We have had an experience perhaps a little atypical, I found partners with great experience and my back was covered. So, I was lucky enough to start already with a solid support in all the early stages where maybe you need more experience, more contacts. I did not experience it myself, but from what I could see, a problem that I have certainly encountered in Italy is that of the lack of touch points between the world of startups, investors and the institutional world. There is little collaboration and the startups are still viewed as a less serious business.
Having started your first startup in England and the second in Italy, have you noticed big differences between the two countries?
I did not find any difference. The bureaucratic part abroad is actually leaner, it takes a day instead of a week, but in my opinion this does not change the situation so much.
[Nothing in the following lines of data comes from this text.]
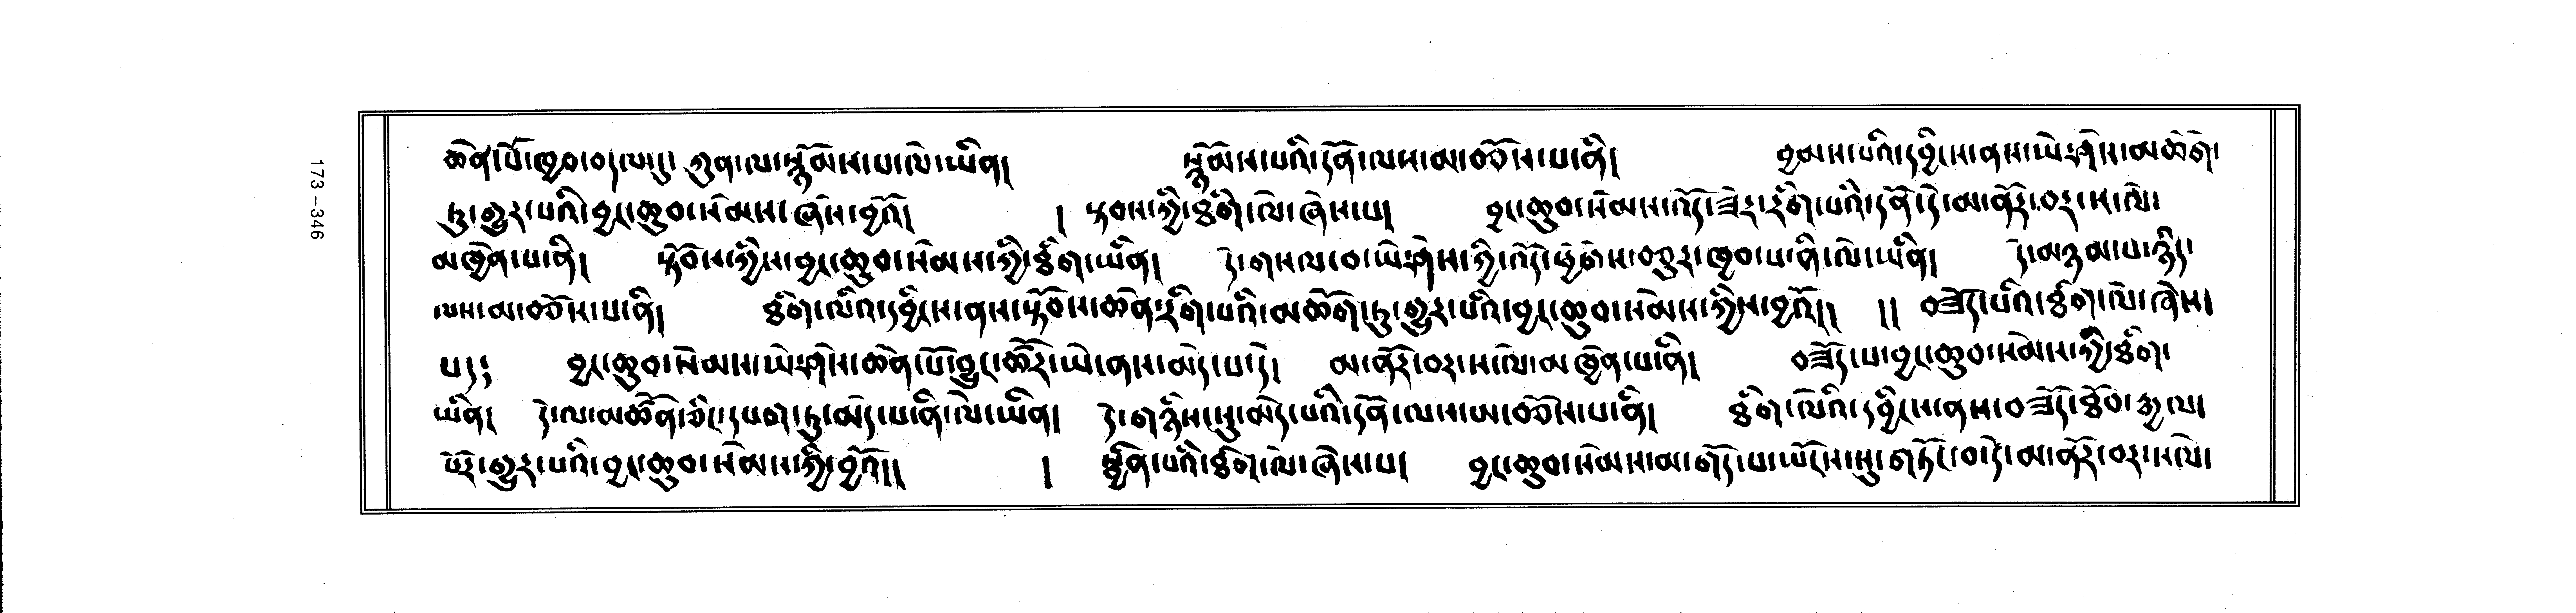ཆེན་པོ་ཁྱབ་བདལ་དུ་ཀུན་ལ་སྙོམས་པ་ལེ་ཡིན། སྙོམས་པའི་དོན་ལ་མ་བཅོས་པ་ནི། བྱམས་པའི་དབྱིངས་ནས་ཡེ་ཤེས་མཆོག་
ཏུ་གྱུར་པའི་བྱང་ཆུབ་སེམས་ཞེས་བྱའོ། །སྟོབས་ཀྱི་ཐིག་ལེ་ཞེས་པ། བྱང་ཆུབ་སེམས་འོད་ཟེར་རིག་པའི་དོན་དེ་མ་ནོར་བར་སལེ་
མཁྱེན་པ་ནི། སྟོབས་ཀྱི་བྱང་ཆུབ་སེམས་ཀྱི་ཐིག་ཡིན། དེ་གསལ་བ་ཡེ་ཤེས་ཀྱི་འོད་ཕྱོགས་བཅུར་ཁྱབ་པ་ནི་ལེ་ཡིན། དེ་མཉམ་པ་ཉིད་
ལས་མ་བཅོས་པ་ནི། ཐིག་ལེའི་དབྱིངས་ནས་སྟོབས་ཆེན་རིག་པའི་མཆོག་ཏུ་གྱུར་པའི་བྱང་ཆུབ་སེམས་ཞེས་བྱའོ། །བཟོད་པའི་ཐིག་ལེ་ཞེས་
པ། བྱང་ཆུབ་སེམས་ཡེ་ཤེས་ཆེན་པོ་བྱུང་ཚོར་ཡེ་ནས་མེད་པ་དེ། མ་ནོར་བར་སལེ་མཁྱེན་པ་ནི། བཟོད་པ་བྱང་ཆུབ་སེམས་ཀྱི་ཐིག་
ཡིན། དེ་ལ་མཚོན་ཅིང་དཔག་ཏུ་མེད་པ་ནི་ལེ་ཡིན། དེ་གཉིས་སུ་མེད་པའི་དོན་ལ་མ་བཅོས་པ་ནི། ཐིག་ལེའི་དབྱིངས་ནས་བཟོད་ཐོབ་རྒྱལ་
པོར་གྱུར་པའི་བྱང་ཆུབ་ཀྱི་སེམས་ཅེས་བྱའོ། །སྦྱིན་པའི་ཐིག་ལེ་ཞེས་པ། བྱང་ཆུབ་སེམས་མ་གོད་ཡོངས་སུ་གཏོང་བ་དེ་མ་ནོར་བར་སལེ་

We are led to believe that everything is easier abroad and sometimes complaining about your country is also an excuse not to start, but the difficulties are exactly the same.
In England I met guys from all over the world and what I noticed among the young people who interface with the job market is certainly the great difference from the side of flexibility. Young foreigners are certainly more used to flexible jobs and have less inclination to look for a permanent one. Two weeks ago a friend of mine sent me to dinner with 6-7 other people to celebrate the signing of a permanent contract, something that would never happen among my friends abroad. Of course everything is systematically connected, because without a permanent contract here in Italy you do not have access to credit, you can not have a home and so on. And this also affects the willingness to become an entrepreneur, to jump into the unknown.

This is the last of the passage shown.